Serious Sam: BFE (PC) review


"Serious Sam 3: BFE is Croteam's love letter to those of us who have been waiting for another glimpse at classic shoot-'em-up-ery in the vein of Doom, Quake, and even the original Duke Nukem, whose modern iteration failed to deliver. It's a machine gun-and-heavy-metal symphony that only hardcore shooter fans will want to take a stab at, and while its punishing difficulty at times may certainly be a turnoff for potential buyers, it's a satisfying throwback to a simpler time."



Serious Sam has always been serious business to me, if you'll pardon the terrible pun. The golden age of PC gaming was, and always will be (at least in my eyes) the days of fast, frenetic carnage, fragging without question, and ludicrous gibs. My philosophy has always been to shoot anything and everything I come into contact with and ask questions later. And to devs, leave your politically charged statements at the door and don't waste my time with jingoistic rally cries. Just leave me in a room with extraterrestrials or horrifying abominations with a BFG and plenty of ammo.

That's why Serious Sam, in all its incarnations, has held a special place in my heart over the years. With its numerous remakes and re-releases (and demakes, in the case of Serious Sam: The Random Encounter) the franchise had been hankering for its own "modern" update, and now that it's finally here, it may falter a bit while finding its identity in a sea of cookie-cutter shooters, but it delivers on its promise of chaos, mayhem, and the glee that can only come from wanton destruction. The hilarious "strategy guide" the review code arrived with says it best: hold down the trigger, run backwards, and repeat.

Sam's the same one-liner spewing, gun-toting he-man he's ever been, hilarious and happy-go-lucky, grin etched into his face as he parades everywhere from modern-day Cairo through the expanses of ancient Egypt those familiar with the series should be well-acquainted with. Sam's packing pistols, rocket launchers, SMGs, the SBC Cannon, and the usual assortment of things that go boom. My personal favorite, the sledgehammer, made quick work out of any monster who dared enter my immediate vicinity, and with deliciously evil after-effects. Anything you can find, be it the 12-gauge pump action shotgun or the Sirian Mutilator (gibs, gibs, everywhere!) is an asset in the war on...everything. Headless suicide bombers, three-faced blobs of flesh, enormous bullets, cannonballs, exotic bird-women, spiders, werebulls, Biomechs, Rocketeers, and their brothers, cousins, aunts, and uncles are out for Sam Stone's blood. It's your job to keep your finger on the trigger (or in this case the left mouse button) and annihilate everything in your path. And it feels oh, so good.
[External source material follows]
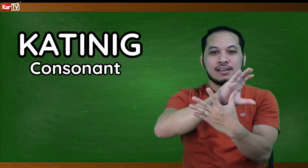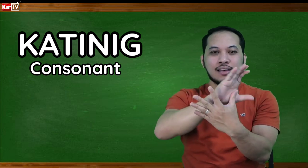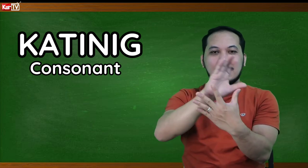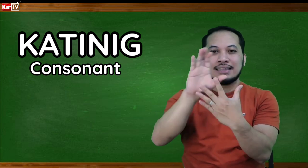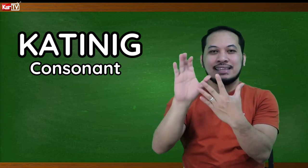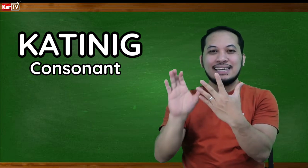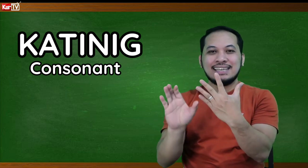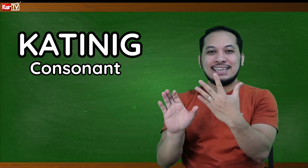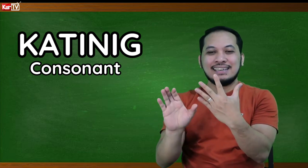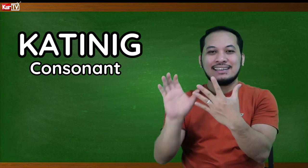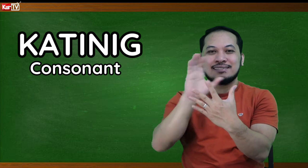Katinig.

Wimps need not apply. While most modern FPSs are satisfied allowing you a few minutes of respite, Serious Sam 3 is content to unleash terror at every turn, so that as soon as you think it's safe to turn your back, you're devoured by a sea of enemies. You've barely enough time for the dust to settle and the bullet casings to fall to the ground before another assault ensues. Even on normal difficulty, it's prudent to stay on guard at all times, lest you be sent back to your latest save. Luckily, the game allows you to save anywhere and at any time, a welcome throwback to the shooters of yore.

You'll need to be diligent when entering new areas and heck, simply from walking from one end of the desert to the next. Levels are huge, often intimidatingly so, and at the beginning of the game especially can be a rather slow grind. With nowhere to hide, sparse ammo in certain locations, and plenty of baddies who want your head on a platter, you'll want to give up. Time and time again. It's intense. But you keep plodding through, because it's that addictive -- even when it's just getting started, ramping up to its eventual insanity. Be advised, though, that you will find yourself stagnating at certain points, unable to progress, until your reflexes sharpen and your patience has recovered. You may need to back away from the computer for a few hours at a time and come back to tackle it, especially on higher difficulties. "Serious" is an apocalyptic challenge I certainly wasn't prepared for.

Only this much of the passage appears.